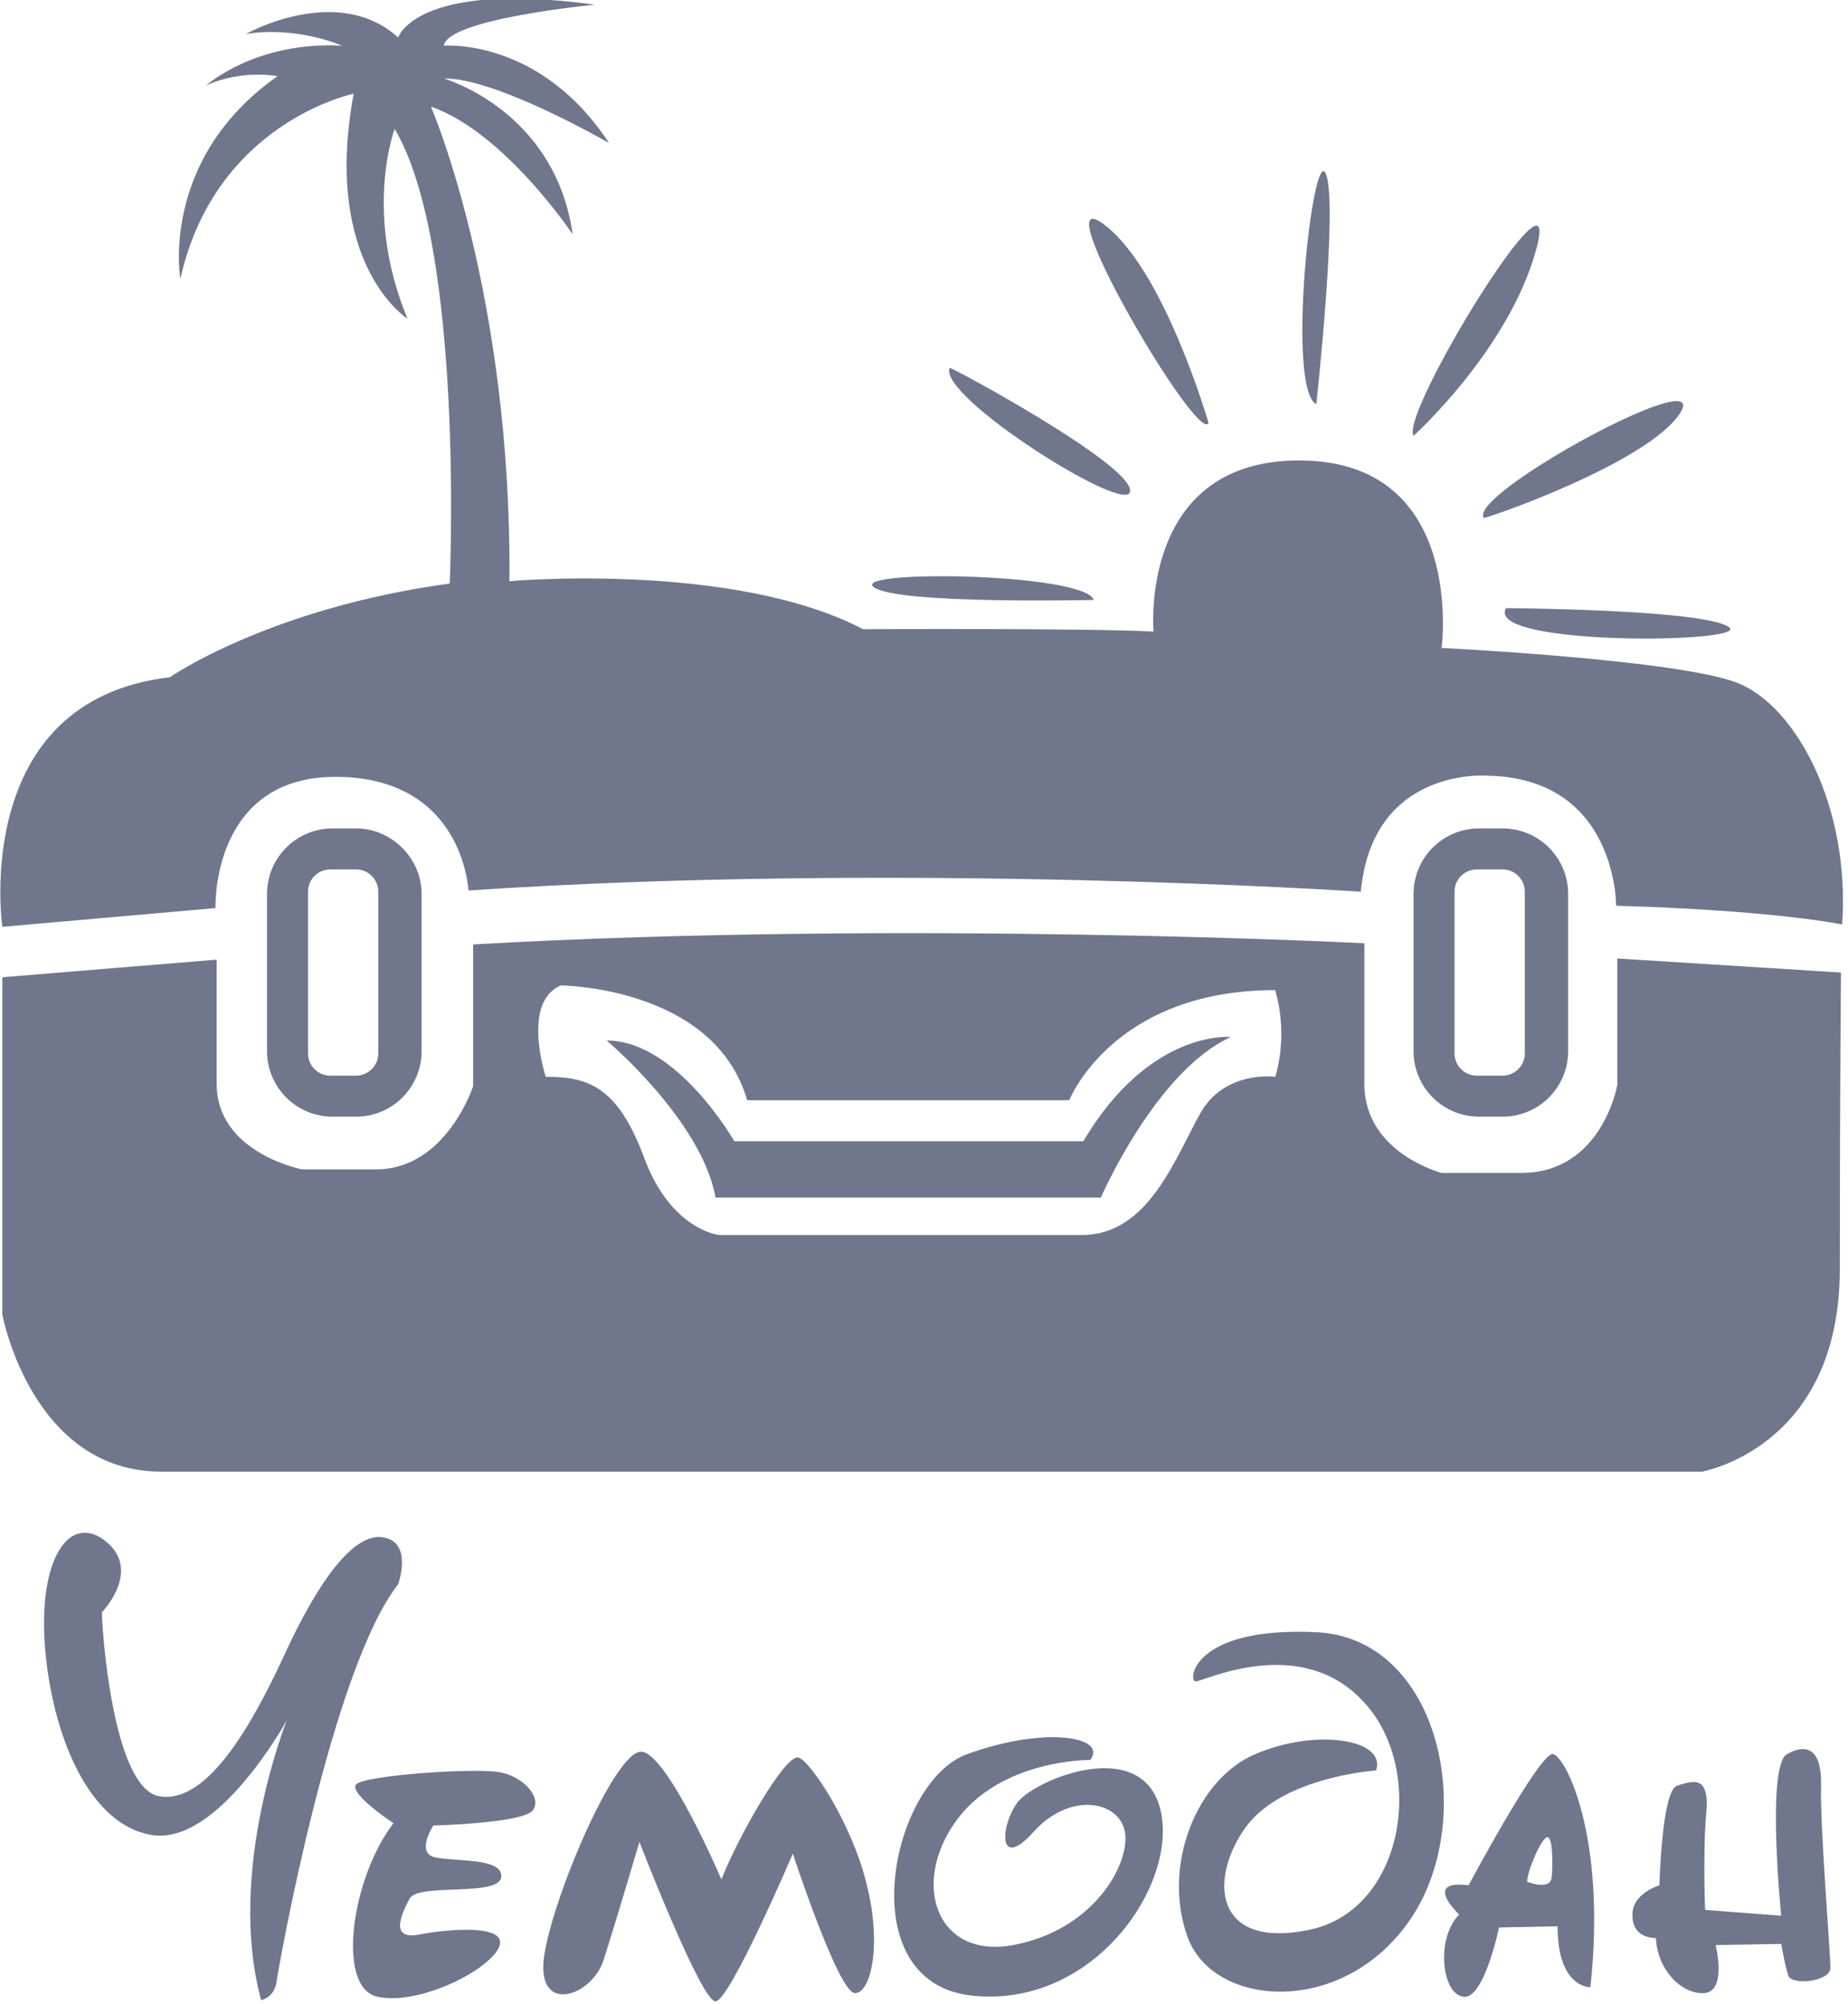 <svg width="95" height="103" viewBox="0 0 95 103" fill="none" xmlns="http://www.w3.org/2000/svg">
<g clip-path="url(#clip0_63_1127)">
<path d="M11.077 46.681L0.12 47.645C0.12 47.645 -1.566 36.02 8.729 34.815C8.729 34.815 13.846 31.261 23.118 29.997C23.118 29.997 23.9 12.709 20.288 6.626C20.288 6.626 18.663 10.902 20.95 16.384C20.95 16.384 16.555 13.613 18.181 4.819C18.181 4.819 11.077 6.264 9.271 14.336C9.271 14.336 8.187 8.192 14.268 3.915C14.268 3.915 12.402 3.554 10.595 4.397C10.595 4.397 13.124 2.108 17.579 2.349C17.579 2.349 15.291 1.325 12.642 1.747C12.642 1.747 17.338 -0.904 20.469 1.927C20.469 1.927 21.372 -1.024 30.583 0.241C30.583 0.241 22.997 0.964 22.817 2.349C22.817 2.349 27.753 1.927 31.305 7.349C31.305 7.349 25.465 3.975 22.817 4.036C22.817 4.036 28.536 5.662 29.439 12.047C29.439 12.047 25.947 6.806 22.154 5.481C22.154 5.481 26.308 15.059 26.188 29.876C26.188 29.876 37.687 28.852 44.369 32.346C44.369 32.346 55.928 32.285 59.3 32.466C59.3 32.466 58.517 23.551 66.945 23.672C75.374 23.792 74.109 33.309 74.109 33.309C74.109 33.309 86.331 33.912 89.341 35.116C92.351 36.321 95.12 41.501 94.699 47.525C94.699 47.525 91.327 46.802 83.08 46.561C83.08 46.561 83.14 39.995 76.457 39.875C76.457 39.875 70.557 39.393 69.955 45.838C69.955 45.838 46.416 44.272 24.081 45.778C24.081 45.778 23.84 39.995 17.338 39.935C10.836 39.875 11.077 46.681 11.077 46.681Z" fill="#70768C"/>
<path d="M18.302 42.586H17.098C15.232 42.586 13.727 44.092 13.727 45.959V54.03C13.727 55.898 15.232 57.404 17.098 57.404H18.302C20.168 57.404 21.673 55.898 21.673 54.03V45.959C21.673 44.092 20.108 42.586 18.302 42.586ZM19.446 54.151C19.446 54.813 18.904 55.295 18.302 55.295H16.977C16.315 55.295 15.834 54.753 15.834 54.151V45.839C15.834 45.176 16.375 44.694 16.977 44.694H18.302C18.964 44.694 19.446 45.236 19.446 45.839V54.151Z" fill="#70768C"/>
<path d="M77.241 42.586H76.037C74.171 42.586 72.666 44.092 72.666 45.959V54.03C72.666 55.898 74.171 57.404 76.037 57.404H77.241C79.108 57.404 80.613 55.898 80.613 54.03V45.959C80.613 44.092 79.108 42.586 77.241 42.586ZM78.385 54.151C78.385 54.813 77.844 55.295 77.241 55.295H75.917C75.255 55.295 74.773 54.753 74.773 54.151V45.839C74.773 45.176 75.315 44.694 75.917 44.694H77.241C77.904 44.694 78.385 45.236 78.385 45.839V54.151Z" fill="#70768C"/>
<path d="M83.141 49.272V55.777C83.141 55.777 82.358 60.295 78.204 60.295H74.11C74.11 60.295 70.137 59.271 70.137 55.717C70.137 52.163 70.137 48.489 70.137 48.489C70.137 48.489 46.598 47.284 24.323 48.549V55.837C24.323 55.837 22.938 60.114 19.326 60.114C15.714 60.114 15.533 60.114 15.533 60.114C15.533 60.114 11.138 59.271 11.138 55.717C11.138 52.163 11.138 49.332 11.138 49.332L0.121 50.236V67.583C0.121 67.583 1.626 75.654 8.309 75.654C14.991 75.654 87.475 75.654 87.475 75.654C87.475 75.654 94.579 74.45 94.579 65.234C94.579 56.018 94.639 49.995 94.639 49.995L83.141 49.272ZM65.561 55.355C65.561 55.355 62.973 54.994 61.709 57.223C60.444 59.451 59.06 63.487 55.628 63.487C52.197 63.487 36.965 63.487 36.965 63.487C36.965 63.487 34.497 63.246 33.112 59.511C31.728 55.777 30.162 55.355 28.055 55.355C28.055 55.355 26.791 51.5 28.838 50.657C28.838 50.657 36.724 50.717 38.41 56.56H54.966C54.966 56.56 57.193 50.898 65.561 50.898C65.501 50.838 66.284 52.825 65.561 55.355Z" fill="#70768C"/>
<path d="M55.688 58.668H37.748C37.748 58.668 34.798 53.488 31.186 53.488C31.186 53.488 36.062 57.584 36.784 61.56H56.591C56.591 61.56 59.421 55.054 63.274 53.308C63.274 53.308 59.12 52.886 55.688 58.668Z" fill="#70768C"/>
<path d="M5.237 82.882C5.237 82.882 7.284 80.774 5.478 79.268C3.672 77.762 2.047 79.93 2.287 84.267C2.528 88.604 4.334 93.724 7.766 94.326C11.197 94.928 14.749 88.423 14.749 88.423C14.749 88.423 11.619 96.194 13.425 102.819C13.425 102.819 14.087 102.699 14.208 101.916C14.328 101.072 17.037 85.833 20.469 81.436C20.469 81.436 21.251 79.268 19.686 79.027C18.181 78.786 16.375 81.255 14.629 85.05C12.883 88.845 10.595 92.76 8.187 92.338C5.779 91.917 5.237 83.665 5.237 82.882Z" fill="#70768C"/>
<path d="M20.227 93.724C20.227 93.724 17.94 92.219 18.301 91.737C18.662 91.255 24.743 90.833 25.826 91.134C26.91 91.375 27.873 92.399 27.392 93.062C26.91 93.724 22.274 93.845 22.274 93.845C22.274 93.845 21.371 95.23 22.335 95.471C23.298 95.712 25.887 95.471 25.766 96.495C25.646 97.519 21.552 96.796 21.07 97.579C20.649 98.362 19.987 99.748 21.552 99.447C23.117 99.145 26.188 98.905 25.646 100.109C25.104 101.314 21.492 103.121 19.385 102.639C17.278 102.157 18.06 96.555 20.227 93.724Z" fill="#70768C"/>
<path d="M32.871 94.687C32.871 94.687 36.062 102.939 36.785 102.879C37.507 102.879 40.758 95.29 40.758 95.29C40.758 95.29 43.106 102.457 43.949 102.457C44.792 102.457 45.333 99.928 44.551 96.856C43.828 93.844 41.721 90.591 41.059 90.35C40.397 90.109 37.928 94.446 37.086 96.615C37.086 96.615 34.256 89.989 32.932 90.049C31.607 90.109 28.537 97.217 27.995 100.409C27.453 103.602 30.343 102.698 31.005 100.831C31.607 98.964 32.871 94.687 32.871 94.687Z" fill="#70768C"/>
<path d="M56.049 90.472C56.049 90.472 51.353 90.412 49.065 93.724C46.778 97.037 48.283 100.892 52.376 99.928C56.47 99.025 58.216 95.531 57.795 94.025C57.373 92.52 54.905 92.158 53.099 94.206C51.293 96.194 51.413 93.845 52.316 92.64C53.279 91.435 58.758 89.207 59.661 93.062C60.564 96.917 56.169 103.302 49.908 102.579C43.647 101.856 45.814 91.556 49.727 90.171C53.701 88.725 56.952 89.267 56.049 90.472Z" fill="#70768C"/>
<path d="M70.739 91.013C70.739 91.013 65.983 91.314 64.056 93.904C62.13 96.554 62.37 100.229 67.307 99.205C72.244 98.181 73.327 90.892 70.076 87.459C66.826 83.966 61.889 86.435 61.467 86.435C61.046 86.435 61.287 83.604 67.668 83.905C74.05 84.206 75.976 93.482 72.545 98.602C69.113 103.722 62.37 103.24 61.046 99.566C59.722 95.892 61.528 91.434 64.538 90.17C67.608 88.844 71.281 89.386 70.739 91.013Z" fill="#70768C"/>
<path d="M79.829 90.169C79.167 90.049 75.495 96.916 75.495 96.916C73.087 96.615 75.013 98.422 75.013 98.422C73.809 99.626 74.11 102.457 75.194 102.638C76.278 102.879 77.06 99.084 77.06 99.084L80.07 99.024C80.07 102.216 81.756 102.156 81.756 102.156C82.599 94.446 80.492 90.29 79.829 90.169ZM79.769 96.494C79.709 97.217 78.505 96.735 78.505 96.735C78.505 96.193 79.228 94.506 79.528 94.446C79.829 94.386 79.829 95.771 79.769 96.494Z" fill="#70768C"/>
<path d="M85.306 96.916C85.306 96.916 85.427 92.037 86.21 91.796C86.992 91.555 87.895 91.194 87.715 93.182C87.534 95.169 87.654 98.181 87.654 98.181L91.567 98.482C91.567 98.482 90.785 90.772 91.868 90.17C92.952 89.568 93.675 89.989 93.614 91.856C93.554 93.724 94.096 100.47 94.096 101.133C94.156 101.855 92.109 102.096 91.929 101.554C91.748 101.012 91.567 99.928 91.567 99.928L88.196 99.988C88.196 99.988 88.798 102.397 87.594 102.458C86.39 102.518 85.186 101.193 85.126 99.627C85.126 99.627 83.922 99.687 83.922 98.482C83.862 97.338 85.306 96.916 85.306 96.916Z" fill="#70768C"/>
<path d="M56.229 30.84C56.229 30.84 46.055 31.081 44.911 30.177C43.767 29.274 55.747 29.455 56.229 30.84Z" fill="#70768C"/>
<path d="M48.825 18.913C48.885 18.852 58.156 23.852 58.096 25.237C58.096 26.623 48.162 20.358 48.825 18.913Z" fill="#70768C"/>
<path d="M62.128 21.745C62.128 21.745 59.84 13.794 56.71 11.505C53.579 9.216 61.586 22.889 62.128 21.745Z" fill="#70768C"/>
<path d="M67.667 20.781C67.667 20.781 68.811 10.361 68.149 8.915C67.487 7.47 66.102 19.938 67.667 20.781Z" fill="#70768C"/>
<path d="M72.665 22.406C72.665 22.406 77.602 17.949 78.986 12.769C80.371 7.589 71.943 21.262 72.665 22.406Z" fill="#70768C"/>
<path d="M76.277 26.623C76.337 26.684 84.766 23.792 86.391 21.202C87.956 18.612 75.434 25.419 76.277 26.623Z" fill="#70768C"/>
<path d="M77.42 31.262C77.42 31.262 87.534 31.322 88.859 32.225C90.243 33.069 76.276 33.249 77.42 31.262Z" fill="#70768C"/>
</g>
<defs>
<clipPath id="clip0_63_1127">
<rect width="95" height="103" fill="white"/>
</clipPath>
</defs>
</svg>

■ ■ ■ ■

## WORK ORDER
Exactly the lines from the one holding "96.916C85.306 96.916 85.427" to the final line of the listing, both included, must make up the answer.

## SOLUTION TO THIS PROBLEM
<path d="M85.306 96.916C85.306 96.916 85.427 92.037 86.21 91.796C86.992 91.555 87.895 91.194 87.715 93.182C87.534 95.169 87.654 98.181 87.654 98.181L91.567 98.482C91.567 98.482 90.785 90.772 91.868 90.17C92.952 89.568 93.675 89.989 93.614 91.856C93.554 93.724 94.096 100.47 94.096 101.133C94.156 101.855 92.109 102.096 91.929 101.554C91.748 101.012 91.567 99.928 91.567 99.928L88.196 99.988C88.196 99.988 88.798 102.397 87.594 102.458C86.39 102.518 85.186 101.193 85.126 99.627C85.126 99.627 83.922 99.687 83.922 98.482C83.862 97.338 85.306 96.916 85.306 96.916Z" fill="#70768C"/>
<path d="M56.229 30.84C56.229 30.84 46.055 31.081 44.911 30.177C43.767 29.274 55.747 29.455 56.229 30.84Z" fill="#70768C"/>
<path d="M48.825 18.913C48.885 18.852 58.156 23.852 58.096 25.237C58.096 26.623 48.162 20.358 48.825 18.913Z" fill="#70768C"/>
<path d="M62.128 21.745C62.128 21.745 59.84 13.794 56.71 11.505C53.579 9.216 61.586 22.889 62.128 21.745Z" fill="#70768C"/>
<path d="M67.667 20.781C67.667 20.781 68.811 10.361 68.149 8.915C67.487 7.47 66.102 19.938 67.667 20.781Z" fill="#70768C"/>
<path d="M72.665 22.406C72.665 22.406 77.602 17.949 78.986 12.769C80.371 7.589 71.943 21.262 72.665 22.406Z" fill="#70768C"/>
<path d="M76.277 26.623C76.337 26.684 84.766 23.792 86.391 21.202C87.956 18.612 75.434 25.419 76.277 26.623Z" fill="#70768C"/>
<path d="M77.42 31.262C77.42 31.262 87.534 31.322 88.859 32.225C90.243 33.069 76.276 33.249 77.42 31.262Z" fill="#70768C"/>
</g>
<defs>
<clipPath id="clip0_63_1127">
<rect width="95" height="103" fill="white"/>
</clipPath>
</defs>
</svg>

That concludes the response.